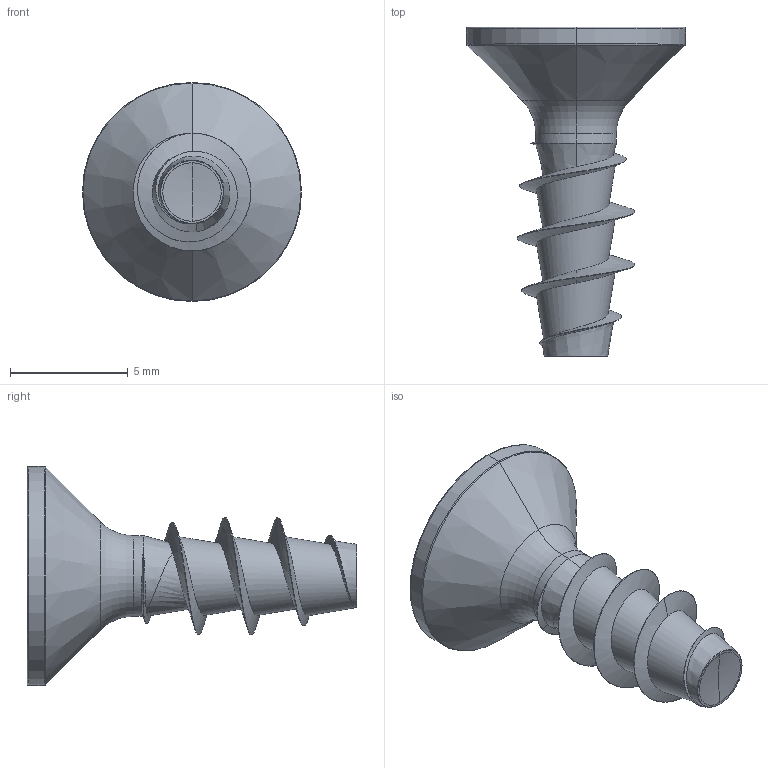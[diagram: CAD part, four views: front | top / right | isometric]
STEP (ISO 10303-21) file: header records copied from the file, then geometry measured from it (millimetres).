
FILE_DESCRIPTION (( 'STEP AP203' ), '1' );
FILE_NAME ('STP23A0500140.STEP', '2017-11-16T21:16:54', ( '' ), ( '' ), 'SwSTEP 2.0', 'SolidWorks 2015', '' );
FILE_SCHEMA (( 'CONFIG_CONTROL_DESIGN' ));
Length unit declared in the file: millimetre
Products named in the file (1): STP23A0500140
Bounding box: 9.3 x 14 x 9.3 mm (x, y, z)
Volume: 224.6 mm3; surface area: 364.7 mm2
Topology: 1 solids, 1 shells, 166 faces, 378 edges, 214 vertices
Faces by surface type: bspline 56, cylinder 45, plane 30, sphere 18, cone 11, torus 6
Entity records: 11494 total; most frequent: CARTESIAN_POINT 8192, ORIENTED_EDGE 752, DIRECTION 592, EDGE_CURVE 376, AXIS2_PLACEMENT_3D 240, VERTEX_POINT 214, EDGE_LOOP 168, ADVANCED_FACE 166

----

Please give back every line above exactly as it stands, without pictures.

[diagram: CAD part, four views: front | top / right | isometric]
STEP (ISO 10303-21) file: header records copied from the file, then geometry measured from it (millimetres).
FILE_DESCRIPTION (( 'STEP AP203' ), '1' );
FILE_NAME ('STP23A0500140.STEP', '2017-11-16T21:16:54', ( '' ), ( '' ), 'SwSTEP 2.0', 'SolidWorks 2015', '' );
FILE_SCHEMA (( 'CONFIG_CONTROL_DESIGN' ));
Length unit declared in the file: millimetre
Products named in the file (1): STP23A0500140
Bounding box: 9.3 x 14 x 9.3 mm (x, y, z)
Volume: 224.6 mm3; surface area: 364.7 mm2
Topology: 1 solids, 1 shells, 166 faces, 378 edges, 214 vertices
Faces by surface type: bspline 56, cylinder 45, plane 30, sphere 18, cone 11, torus 6
Entity records: 11494 total; most frequent: CARTESIAN_POINT 8192, ORIENTED_EDGE 752, DIRECTION 592, EDGE_CURVE 376, AXIS2_PLACEMENT_3D 240, VERTEX_POINT 214, EDGE_LOOP 168, ADVANCED_FACE 166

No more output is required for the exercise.